Open vs. Closed Source Models
🛠️ Deep Dive: Google’s TPUs are on a serious winning streak and now they plan to produce over 5 million TPUs by 2027 to boost supply
A few days back SemiAnalysis reported that, for large buyers Google TPU can deliver roughly 20%–50% lower total cost per useful FLOP compared to Nvidia’s top GB200 or GB300 while staying very close on raw performance.
Which is why Anthropic signed up for access to about 1M TPUs and more than 1GW of capacity with Google by 2026.
The basic cost story starts with margins, since Nvidia sells full GPU servers with high gross margins on the chips and the networking whereas Google buys TPU dies from Broadcom at a lower margin and then integrates its own boards, racks and optical fabric, so the internal cost to Google for a full Ironwood pod is significantly lower than a comparable GB300 class pod even when the peak FLOPs numbers are similar.

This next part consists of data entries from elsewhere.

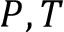
P , T
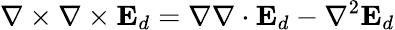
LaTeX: \nabla\times\nabla\times\mathbf{E}_{d}=\nabla\nabla\cdot\mathbf{E}_{d}-\nabla^{2}\mathbf{E}_{d}
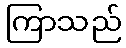
ကြာသည်
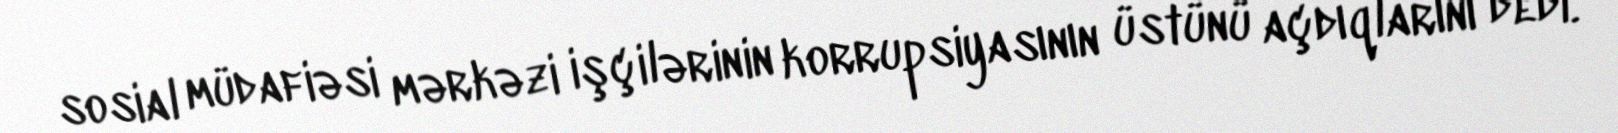
sosial müdafiəsi mərkəzi işçilərinin korrupsiyasının üstünü açdıqlarını dedi.

On the cloud side, public list pricing already hints at the gap because on demand TPU v6e is posted around 2.7 dollars per chip hour while independent trackers place Nvidia B200 around 5.5 dollars per GPU hour, and multiple analyses find up to 4x better performance per dollar for some workloads once you measure tokens per second rather than just theoretical FLOPs.
A big part of this advantage comes from effective FLOPs instead of headline FLOPs because GPU vendors often quote peak numbers that assume very high clocks and ideal matrix shapes, while real training jobs tend to land closer to 30% utilization, but TPUs advertise more realistic peaks and Google plus customers like Anthropic invest in compilers and custom kernels to push model FLOP utilization toward 40% on their own stack.
Ironwood’s system design also cuts cost because a single TPU pod can connect up to 9,216 chips on one fabric, which is far larger than typical Nvidia Blackwell deployments that top out at about 72 GPUs per NVL72 style system, so more traffic stays on the fast ICI fabric and less spills to expensive Ethernet or InfiniBand tiers.
Google pairs that fabric with dense HBM3E on each TPU and a specialized SparseCore for embeddings, which improves dollars per unit of bandwidth on decode heavy inference and lets them run big mixture of experts and retrieval heavy models at a lower cost per served token than a similar Nvidia stack.
These economics do not show up for every user because TPUs still demand more engineering effort in compiler tuning, kernel work and tooling compared to Nvidia’s mature CUDA ecosystem, but for frontier labs with in house systems teams the extra work is small compared to the savings at gigawatt scale.
Even when a lab keeps most training on GPUs, simply having a credible TPU path lets it negotiate down Nvidia pricing, and that is already visible in the way large customers quietly hedge with Google and other custom silicon and talk publicly about escaping what many call the Nvidia tax.
That’s a wrap for today, see you all tomorrow.